Mass extinction

Published January 2, 2024
The writer is chief executive of the Civil Society Coalition for Climate Change.
The writer is chief executive of the Civil Society Coalition for Climate Change.

THE end of the 28th session of the Conference of Parties in December 2023 moved the needle forward on climate action but not at the pace needed to avert the sixth mass extinction. As eco-anxiety grows and optimists try to rationalise slow progress, with the inherent constraints of multilateral processes, the clock keeps ticking, reminding us of the perils and predilections of change and the timescale for keeping life systems alive.

The conversation on climate has become so jargon filled and technical in its approach that at times it loses sight of the here and now, becoming occasionally delusional and sometimes capricious.

Anatomically, modern humans emerged around 200,000 years ago in a process of evolution from ancestral Homo sapiens dating back six million years. Civilisation as we know it started around 6,000 years back and the advent of the industrial age began in 1850.

In the span of 173 years, humans have successfully landed on the moon but degraded ecosystems and destroyed the environment on planet Earth. Today, with advancements in science and technology, life expectancy has increased, progress in communication has transformed connectivity and creature comforts have enhanced life quality beyond imagination.

A single species is destroying habitats.

Ironically, all this has come at the cost of development that has turned into an existential threat. The main culprit for disrupting planetary balance are greenhouse gases.

As we enter 2024, it is important to put some things in perspective. The blame game at negotiations has gone on for 28 years. Perhaps it is time to take more individual responsibility and combine the two to save our species. A change in perspective may also alter thinking and help in finding solutions faster.

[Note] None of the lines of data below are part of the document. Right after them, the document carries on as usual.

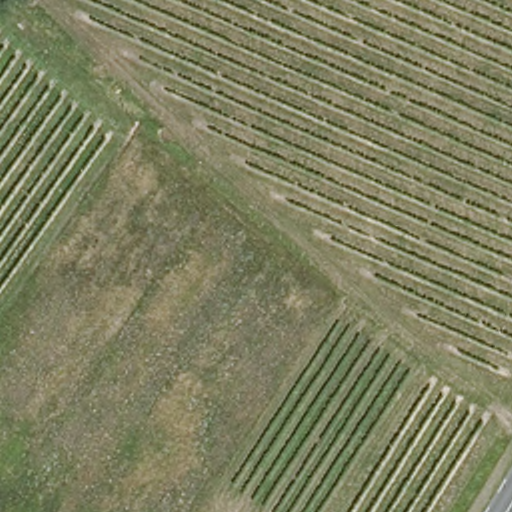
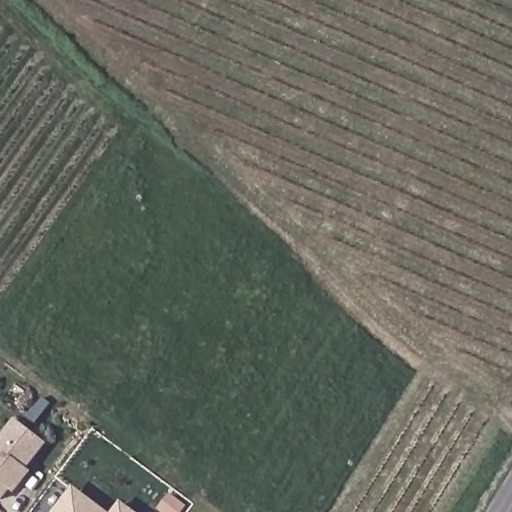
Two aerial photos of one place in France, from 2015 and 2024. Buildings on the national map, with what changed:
new [(28,468),(32,471),(15,493),(11,490),(2,502),(0,501),(0,439),(16,418),(48,443),(28,468)]
new [(63,506),(74,491),(97,508),(102,512),(59,512),(63,506)]
new [(121,505),(130,512),(116,512),(121,505)]

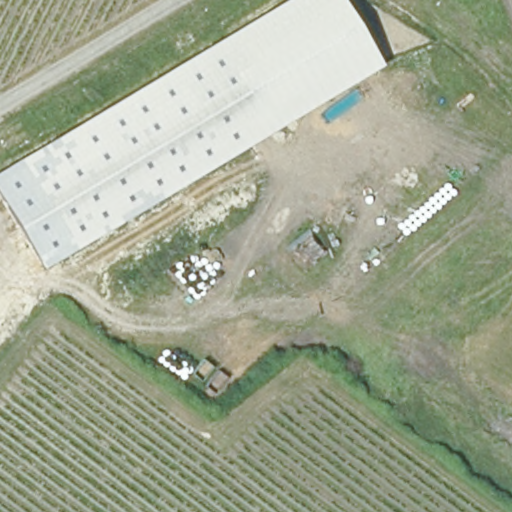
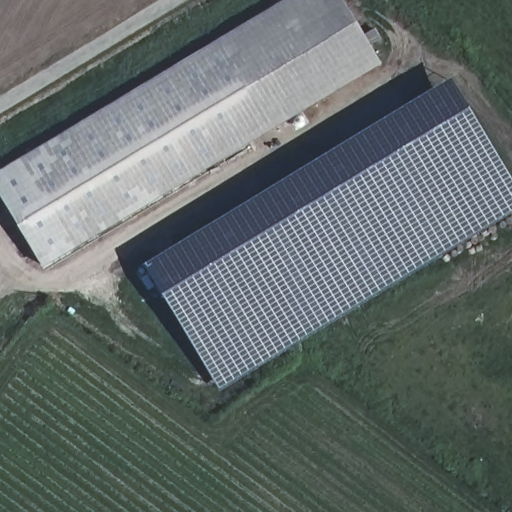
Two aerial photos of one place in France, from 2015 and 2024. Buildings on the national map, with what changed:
unchanged [(0,197),(0,170),(285,0),(343,0),(383,64),(43,268),(0,197)]
new [(457,80),(512,176),(512,217),(222,392),(150,269),(457,80)]

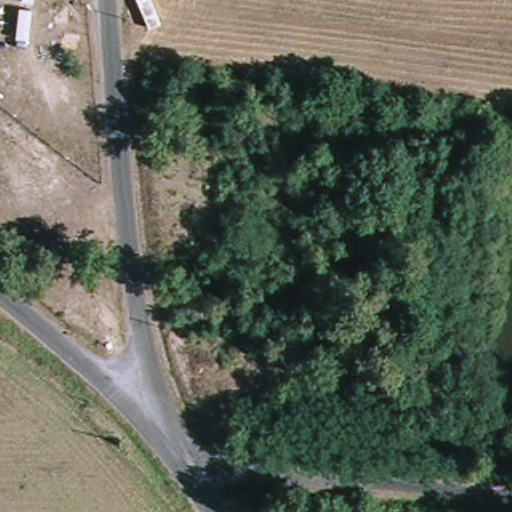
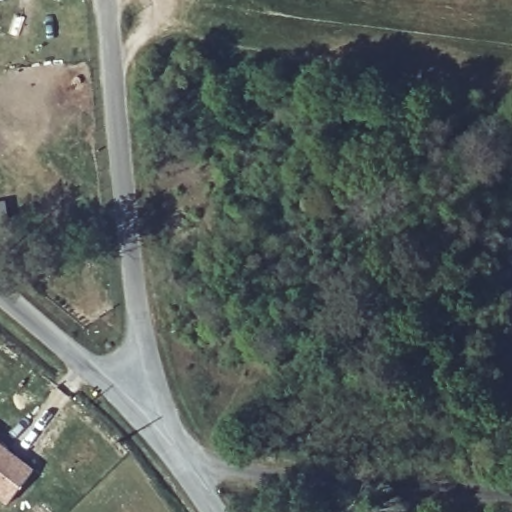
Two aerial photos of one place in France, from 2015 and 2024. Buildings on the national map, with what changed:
unchanged [(236,460),(239,436),(260,439),(258,461),(236,460)]
new [(0,498),(0,447),(32,472),(7,504),(0,498)]
unchanged [(241,507),(247,504),(251,512),(244,512),(241,507)]

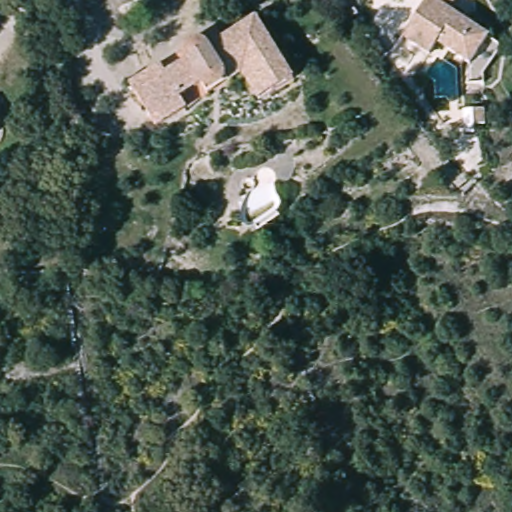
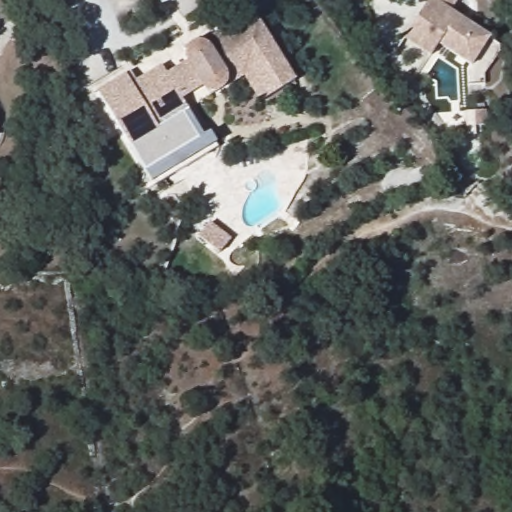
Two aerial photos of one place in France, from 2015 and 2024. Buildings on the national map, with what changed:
unchanged [(407,29),(423,5),(418,1),(419,0),(460,0),(455,9),(494,35),(468,72),(407,29)]
unchanged [(297,81),(259,103),(244,78),(209,100),(203,88),(183,98),(190,110),(156,129),(130,84),(162,66),(166,74),(187,63),(184,55),(185,47),(194,41),(201,42),(219,31),(223,39),(257,19),(297,81)]
new [(204,135),(210,133),(216,143),(151,182),(96,90),(130,71),(137,81),(130,84),(156,129),(164,124),(190,110),(204,135)]

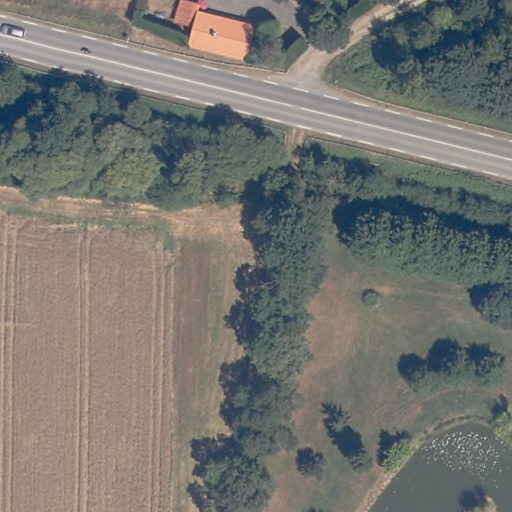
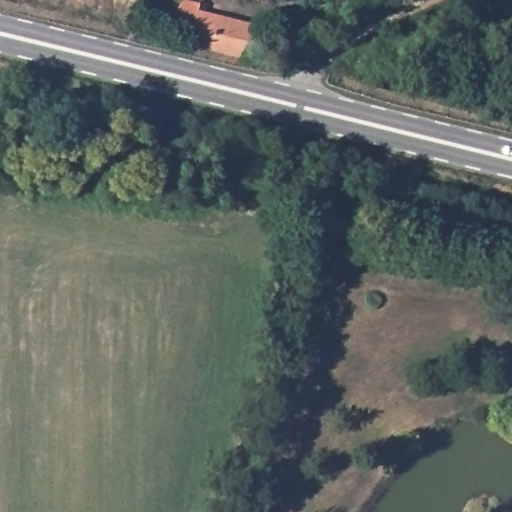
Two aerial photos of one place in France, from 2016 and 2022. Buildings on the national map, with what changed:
unchanged [(165,14),(172,0),(187,0),(176,17),(165,14)]
unchanged [(204,37),(190,33),(196,7),(264,23),(257,56),(202,42),(204,37)]

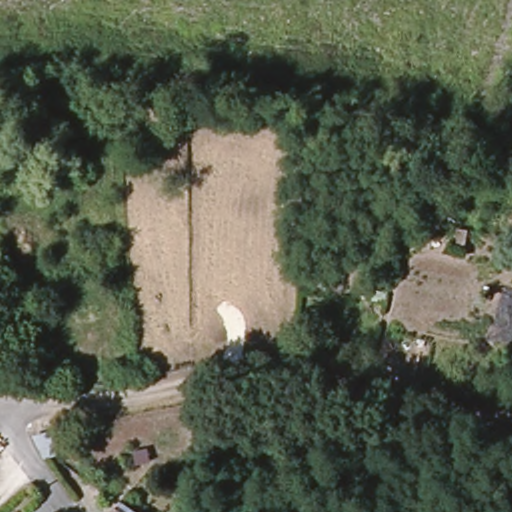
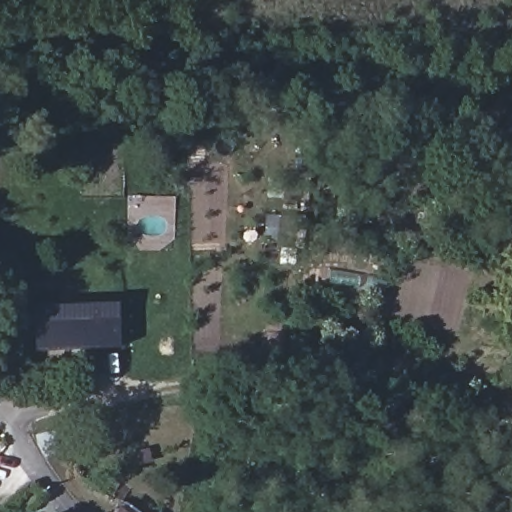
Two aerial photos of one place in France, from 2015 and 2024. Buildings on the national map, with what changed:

The dilemma facing the world is not only about how to reduce carbon emissions; in fact, it is more about how to retain existing lifestyles without compromising on quality or changing consumption patterns.

At COP28 Sultan al-Jaber earned flak for his statement that was interpreted to mean that giving up fossil fuels is tantamount to going back to the cave age. Seen in a broader perspective, perhaps it suggests that no one is quite ready yet to give up on lifestyles supported by fossil fuel. This applies to people from all tiers of society, across sectors, institutions and affiliations.

The outcry every year at climate summits is on the ascendant, and disappointment outshines hope. However, the fundamental question that holds the key to the climate conundrum remains unanswered. How much are we willing as citizens and societies to give up on current consumption patterns to embrace a low-carbon-footprint lifestyle? After all, it is possible to curtail supply by reducing demand.

Data demonstrates that modern food systems drive 90 per cent of deforestation and 60pc of biodiversity loss, and account for 70pc of the world’s use of freshwater. Overall, food systems alone contribute to over one-third of global greenhouse emissions. By going vegan the global population could reduce greenhouse gas emissions from food production by 28pc. And yet only 1-2pc of the world population is vegan.

The list of possible individual actions is as long as the list of commitments made by nations at climate summits.

Extinction is not a new phenomenon on planet Earth. There have been five previous mass extinctions. Many researchers argue that we are in the middle of a sixth mass extinction. The common denominator in all previous extinctions was a drastic change in the carbon cycle. The Permian-Triassic Extinction that took place 250m years ago was the largest mass extinction event in Earth’s history, affecting a range of species. The loss of biodiversity ended all life.

Today, the overgrowth and transformative behaviour of a single species is destroying habitats and unleashing a crisis. A European Commission modelling study shows likely extinction of 27pc of plants and animals by 2100. This continued disruption in the biosphere poses an extinction threat to one-half of Earth’s higher life forms by the turn of the century.

From all evidence, it seems that human beings are an aberration in the evolutionary process. They show scant respect for nature, are wasteful in their use of natural resources, degrade the environment, harm biodiversity, destroy the ecosystems that support them, and kill their own species. Rich, developing and poor nations all follow the same exploitative pattern of human behaviour.

The home truth is that the battle for human survival will not be won at the negotiating tables but by solutions provided by science and technology. Evolution will not stop with Homo sapiens. We might even be taken over by other forms of life in a new world order governed by artificial intelligence.

The writer is chief executive of the Civil Society Coalition for Climate Change.